While ransomware has been around since 2005, recent variants released over the past three years represent a resurgence resulting in the fairly widespread extortion we see today. Due to its ease and speed of converting successful infiltrations into cash, ransomware is the current weapon-of-choice for online criminal gangs. Criminal syndicates are extorting millions of dollars. CryptoLocker generated $30m in 100 days. CryptoWall made $18m from only 1000 victims. Angler ransomware earns $5m per month for its operators. That’s a lot of loot, and it is spurring online gangs on. This past week, the US House of Representatives started blocking YahooMail due to the large number of ransomware attacks coming through the network.

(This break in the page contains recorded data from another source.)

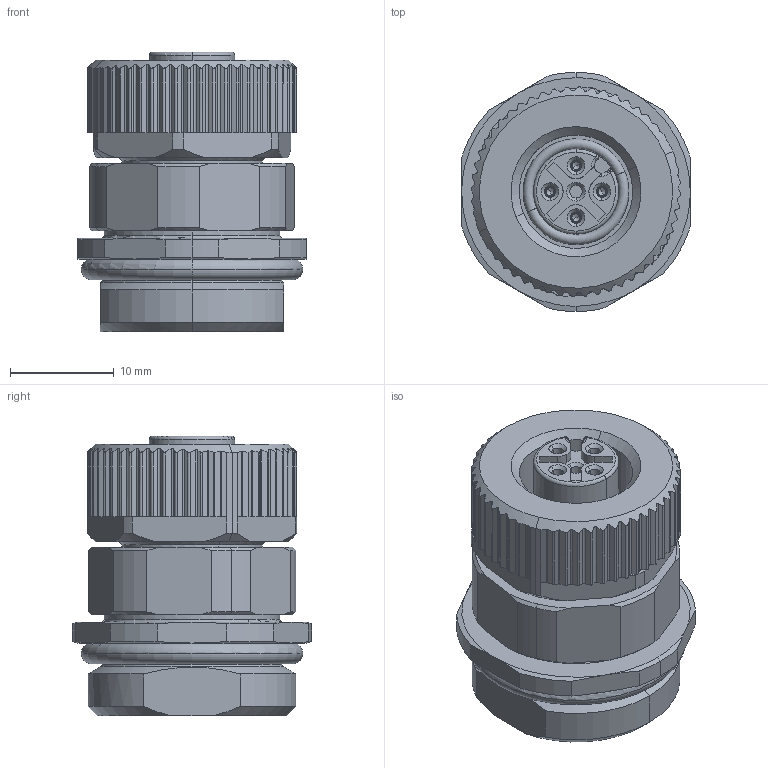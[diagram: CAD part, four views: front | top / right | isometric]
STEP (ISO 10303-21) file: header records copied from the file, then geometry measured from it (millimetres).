
FILE_DESCRIPTION(('CATIA V5 STEP Exchange','CAx-IF Rec.Pracs.--- Model Styling and Organization---1.5--- 2016-08-15','CAx-IF Rec.Pracs.---Supplemental Geometry---1.0---2011-11-01','CAx-IF Rec.Pracs.--- Composite Materials ---1.1---2010-07-15'),'2;1');
FILE_NAME ('012775-3_0', '2025-08-20T09:34:51+00:00', ('none'), ('Weidmueller'), 'CATIA Version 5-6 Release 2024 SP4', 'CATIA V5 STEP AP214 v3', 'none');
FILE_SCHEMA(('AUTOMOTIVE_DESIGN { 1 0 10303 214 1 1 1 1 }'));
Length unit declared in the file: millimetre
Products named in the file (1): 1383050000
Bounding box: 22 x 23 x 26.9 mm (x, y, z)
Volume: 6546.9 mm3; surface area: 4431.7 mm2
Topology: 1 solids, 1 shells, 618 faces, 1696 edges, 1085 vertices
Faces by surface type: plane 229, cylinder 197, cone 115, extrusion 53, torus 18, sphere 6
Entity records: 21446 total; most frequent: CARTESIAN_POINT 6854, ORIENTED_EDGE 3352, DIRECTION 2312, EDGE_CURVE 1676, VERTEX_POINT 1085, AXIS2_PLACEMENT_3D 943, VECTOR 806, LINE 753

Ransomware is an attack on the availability of data – in the CIA triad (Confidentiality, Integrity, Availability). Typically it does this by either encrypting data files (Crypto ransomware) or by locking the system (Locker ransomware), preventing the user from accessing their data. There are currently 68 different ransomware variants in the wild. Lately, Crypto ransomware has become more popular than the Locker variety – it is relatively easy to implement and practically impossible to circumvent. The ransom demands money (usually $300 to $500) in return for the decryption key or system unlocking key. DDoS attacks have also been associated with ransom demands where the attacker conducts a small DDoS attack and demands payment in return for not escalating the attack.
A key component of the ransom is a payment method whereby the criminal cannot be traced. Bitcoin payment is often used, however gift cards are becoming increasingly popular. TrueCrypter demands payment in Amazon Gift Cards, whereas Cyber.Police ransomware asks for Apple iTunes gift cards.
ID Ransomware is a service where anyone can upload a copy of their ransomware note or a sample encrypted file in order to find out which ransomware variant produced it and whether there are any known methods of accessing the data without paying the ransom. There are sometimes ways of circumventing a locked system, but Crypto ransomware tends to use Windows CryptoAPI with RSA or AES encryption making it impossible or impractical to decrypt files. Occasionally errors in the file encryption process utilised by the malware makes decryption without paying the ransom possible.
Should victims pay the ransom? Conventional advice (such as this from the FBI) is that one should never do a deal with untrustworthy criminals, and paying a ransom only funds future unlawful activity. However, payment of the ransom generally produces the correct key enabling the data to be decrypted. Although as a rule it is not a good idea to give in to extortion, on an individual level however, the value of the encrypted data enters the equation. A BitDefender study concluded that about half of individual victims would be prepared to pay up to $500 ransom.
Ransomware highlights the need to keep regular backups of data files, however this is not failsafe as an automatic file backup process may corrupt the backups as well when the original file is altered by encryption.
What is the future for ransomware? Attracted by much higher ransom demands, ransomware operators will increasingly target organisational networks. Criminals gangs will utilise their existing APT skills and experience, and once an initial intrusion has been made (often through a spear phishing attack), the malware will spread laterally within the network to multiple end points and data servers, and on activation encrypt everything, possibly even backups. Effects on organisations will be crippling, threatening its very existence. Earlier this year, a Hollywood hospital paid a $17K ransom after data on several end points and a shared server were encrypted. A TeslaCrypt ransomware attack on an online casino’s shared data storage server is documented here. It is only a matter of time when we will hear news of crippling effects of major organisational ransomware attacks.
Ransomware will become a real threat to IoT environments where individuals could be locked out of their house, car, TV or other devices. In an IIoT environment, ransomware implications are far more serious still, operators could be locked out of a nuclear power plant system, or the building maintenance system, or the air traffic control system.
Like with Somali sea pirates, ransom demands from online gangs will increase to the millions and tens of millions of dollars as this form of extortion expands.